Task goal: Everything in the listing below needs to be retyped exactly.

Supplied information:
○ ○ ○ ○
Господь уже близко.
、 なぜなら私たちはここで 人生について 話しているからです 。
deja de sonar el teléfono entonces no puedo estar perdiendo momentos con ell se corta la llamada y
○ ○ ○ ○
Response for this exercise:
Господь уже близко.
、 なぜなら私たちはここで 人生について 話しているからです 。
deja de sonar el teléfono entonces no puedo estar perdiendo momentos con ell se corta la llamada y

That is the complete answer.